PS3 is whatever Sony choose it to be. It's not designed to
your specification. If in their design for their product, they choose to have 416 MBs for games to run concurrently with 96 MBs for other stuff like PVR and broadcasting movies over the wireless network to PSPs, that's their choice to make. The box itself is a Media Entertainment Hyperplex (TM
), and not 'a games console'. We know that from the way Sony have designed it, talked about it, enabled non-gaming features, are adding more non-gaming features, and so forth. If most people buy it jsut for the games, that's their choice, but that doesn't change the nature of the machine.

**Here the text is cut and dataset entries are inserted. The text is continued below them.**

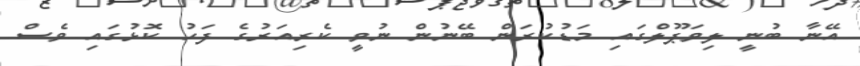
އޭނާ ބުނީ ލިވަޕޫލްގައި މަޑުކުރަން ބޭނުން ނުވީ ކެރިއަރުގެ ފަހު ކޮޅުގައި ވެސް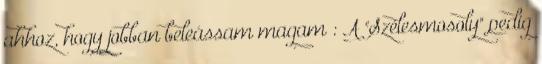
ahhoz, hogy jobban beleássam magam : A "Szélesmosoly" pedig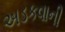
અડકવાની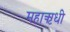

Or calling on an analogy, if 95% of people who buy a Honda Civic do so just to sit inside and listen to the CD player, does that make it a HiFi instead of a car? If 95% of people who buy an iPod use it for jamming doors open, does that make the iPod a doorstop instead of a music player?
The people who design the hardware don't choose what people do with it, but they do design it to perform a set function (or functions) which defines what the hardware is. PS3 is designed to do lots of multimedia activities. It is not designed to play games, on which some people shoe-horn in some extra functions.
I'm against 96 MBs being reserved because
it's going to waste. If it was being used for entertainment functions, then that's appropriate. It's not
just about the games (quite the opposite of Nintendo!). If you dont like that idea, don't buy a PS3.